(Records excerpted from a collection)

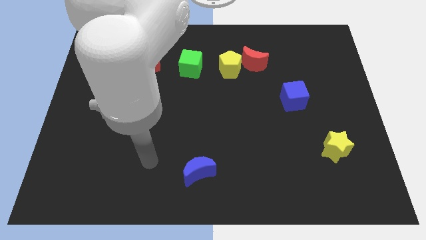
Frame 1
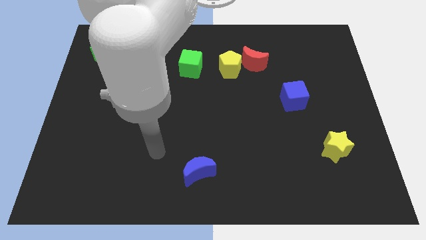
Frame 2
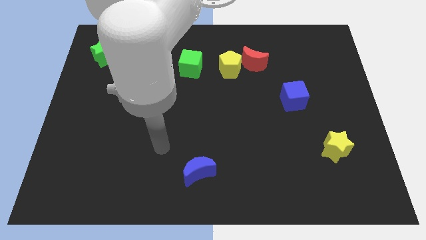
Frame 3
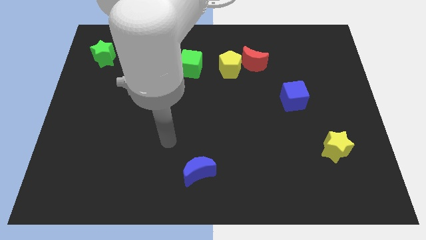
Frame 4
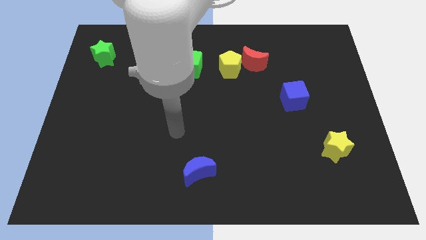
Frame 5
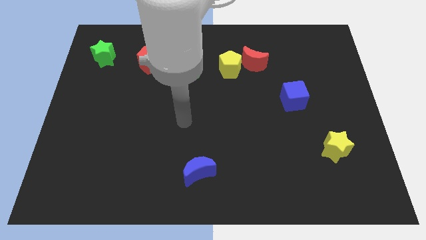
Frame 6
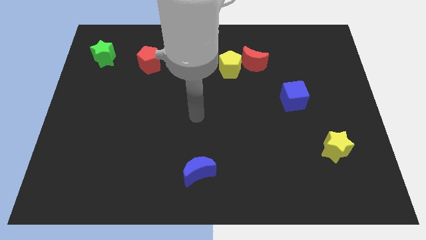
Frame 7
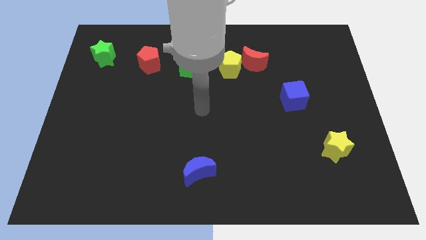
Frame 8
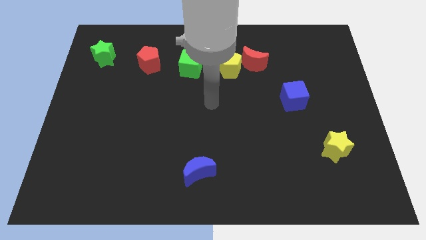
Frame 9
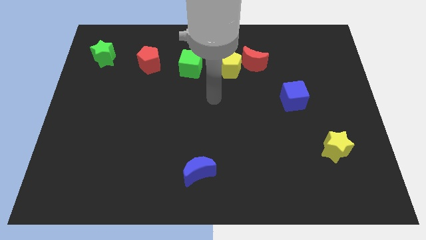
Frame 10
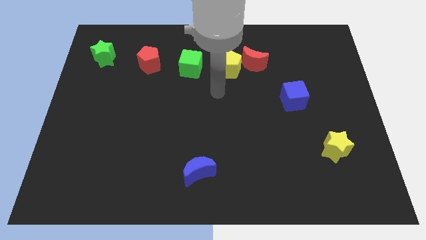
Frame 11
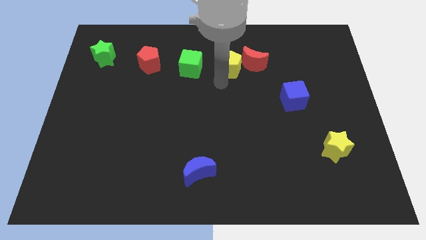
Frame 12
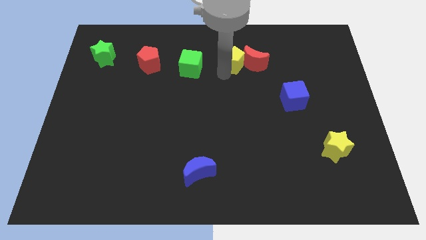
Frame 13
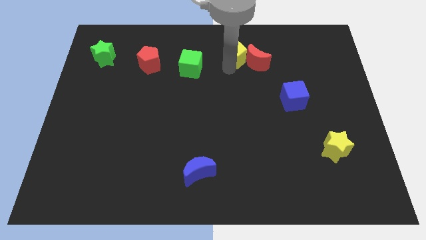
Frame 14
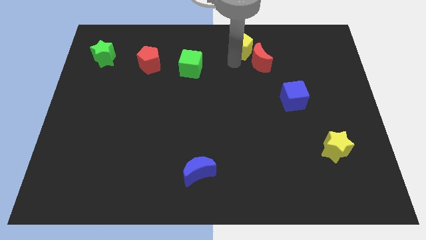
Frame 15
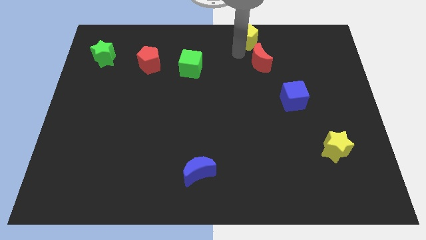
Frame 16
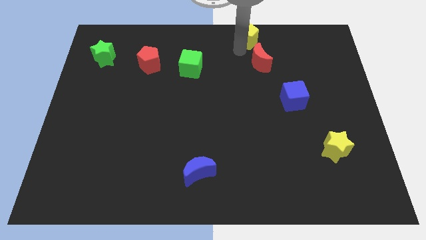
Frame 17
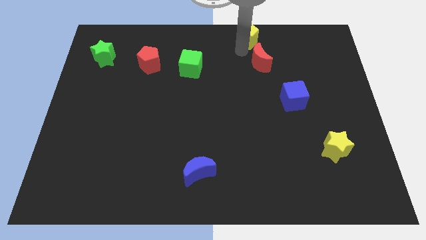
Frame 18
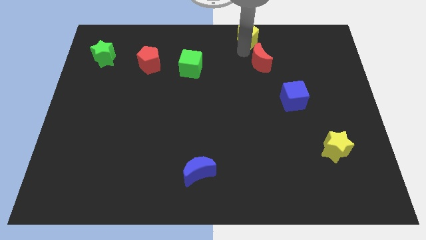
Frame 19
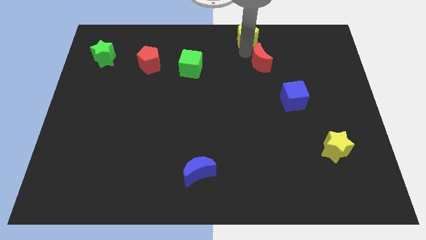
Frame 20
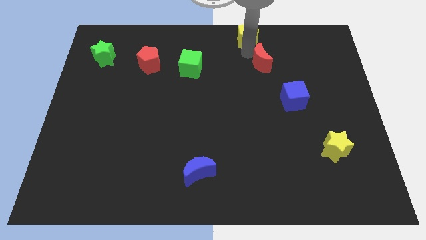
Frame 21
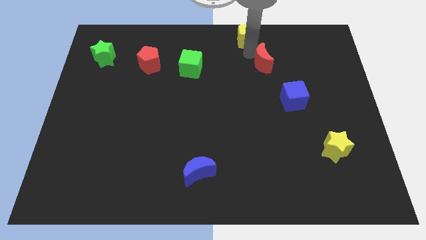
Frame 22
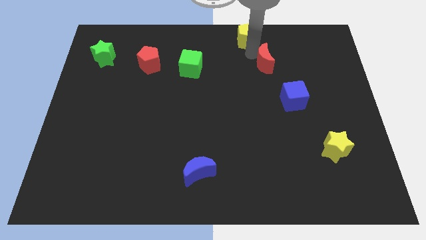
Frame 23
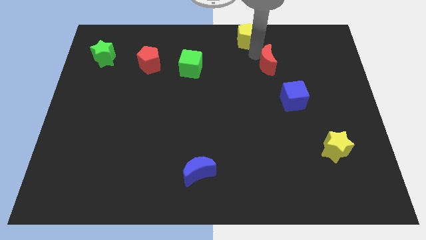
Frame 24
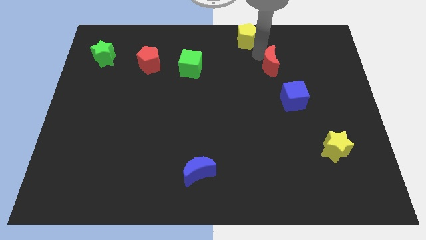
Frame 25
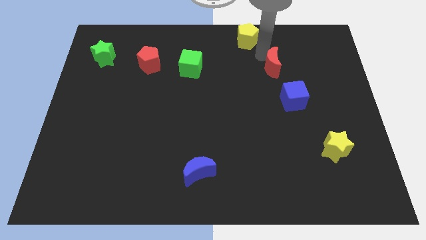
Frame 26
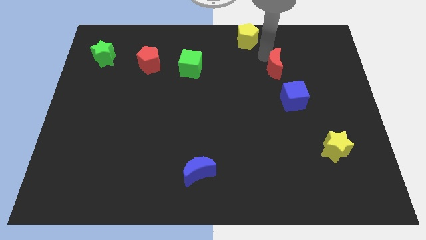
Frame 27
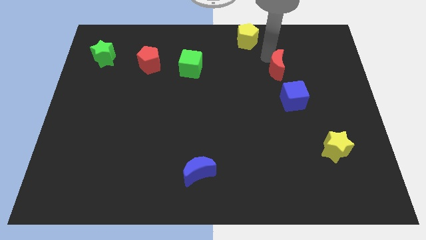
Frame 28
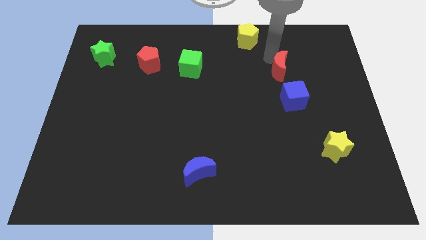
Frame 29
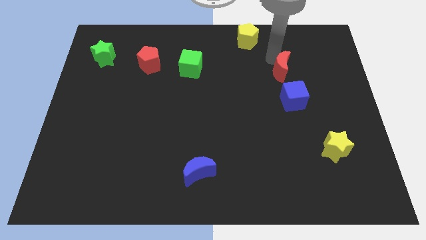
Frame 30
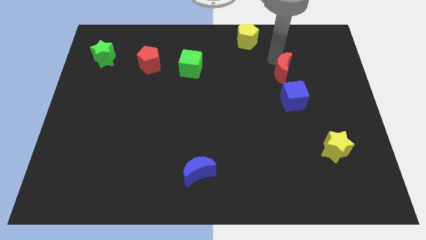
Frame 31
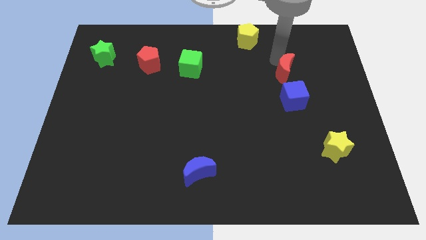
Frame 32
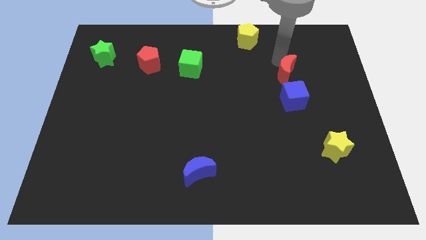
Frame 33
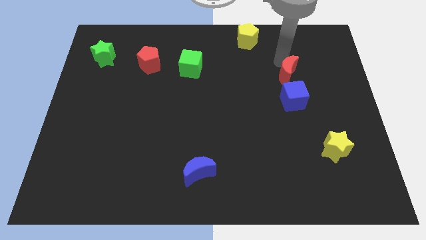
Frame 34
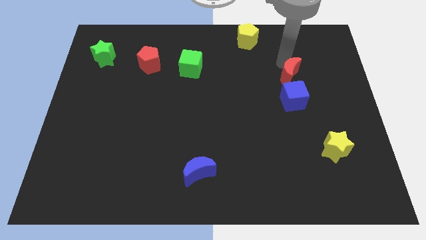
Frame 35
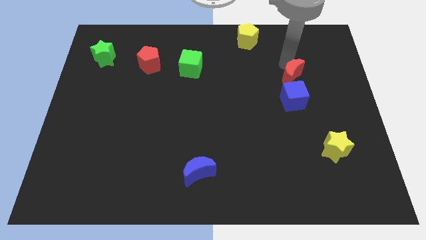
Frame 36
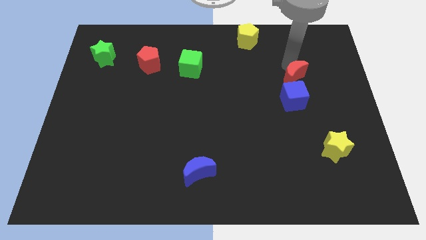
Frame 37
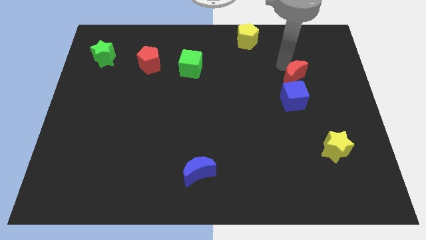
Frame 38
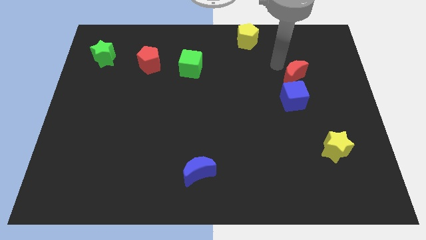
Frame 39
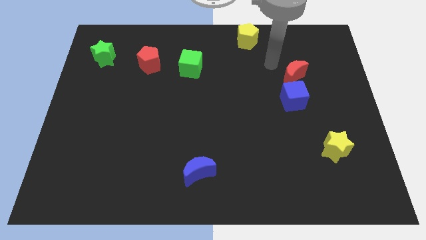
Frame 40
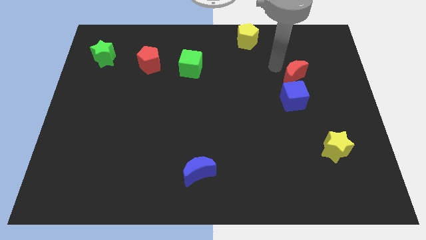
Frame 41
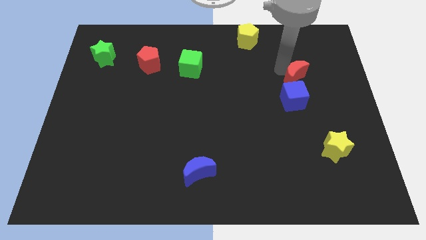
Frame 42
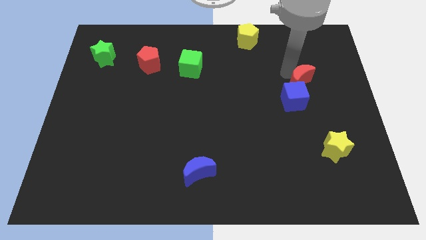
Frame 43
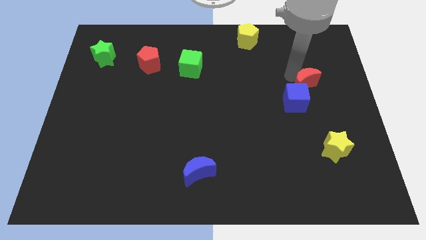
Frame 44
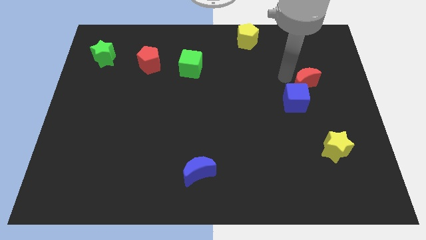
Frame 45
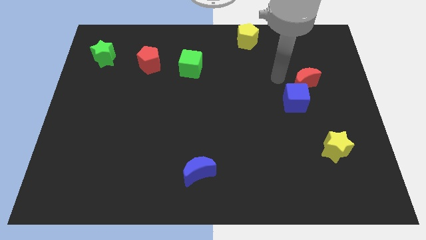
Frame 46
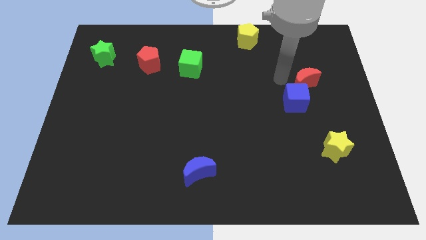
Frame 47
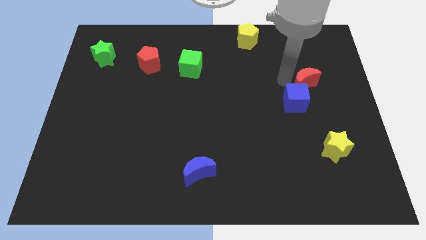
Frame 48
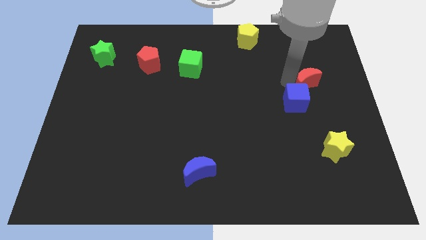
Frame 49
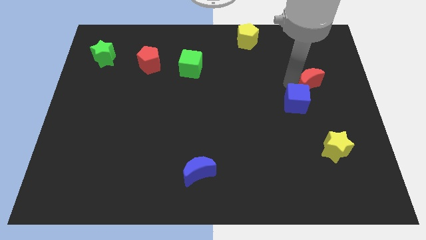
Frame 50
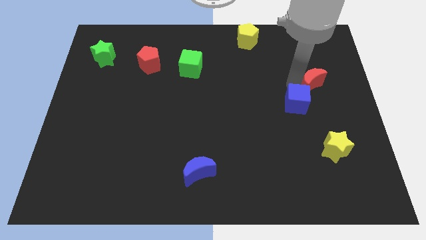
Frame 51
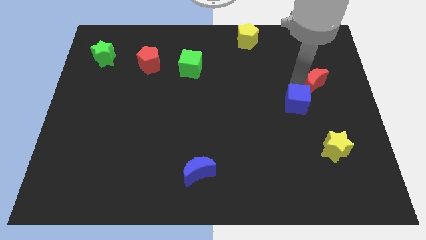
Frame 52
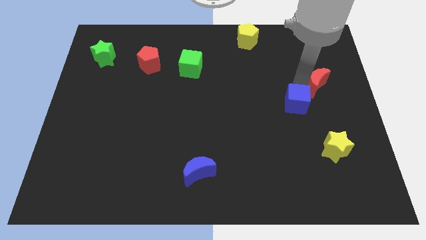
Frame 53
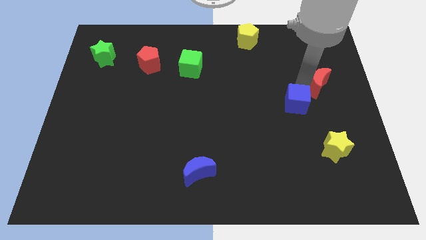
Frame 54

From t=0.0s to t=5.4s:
put the red moon to the right side

About this exercise: What you return must match the data above exactly, with no images included.

Reply:
Frame 1
Frame 2
Frame 3
Frame 4
Frame 5
Frame 6
Frame 7
Frame 8
Frame 9
Frame 10
Frame 11
Frame 12
Frame 13
Frame 14
Frame 15
Frame 16
Frame 17
Frame 18
Frame 19
Frame 20
Frame 21
Frame 22
Frame 23
Frame 24
Frame 25
Frame 26
Frame 27
Frame 28
Frame 29
Frame 30
Frame 31
Frame 32
Frame 33
Frame 34
Frame 35
Frame 36
Frame 37
Frame 38
Frame 39
Frame 40
Frame 41
Frame 42
Frame 43
Frame 44
Frame 45
Frame 46
Frame 47
Frame 48
Frame 49
Frame 50
Frame 51
Frame 52
Frame 53
Frame 54

From t=0.0s to t=5.4s:
put the red moon to the right side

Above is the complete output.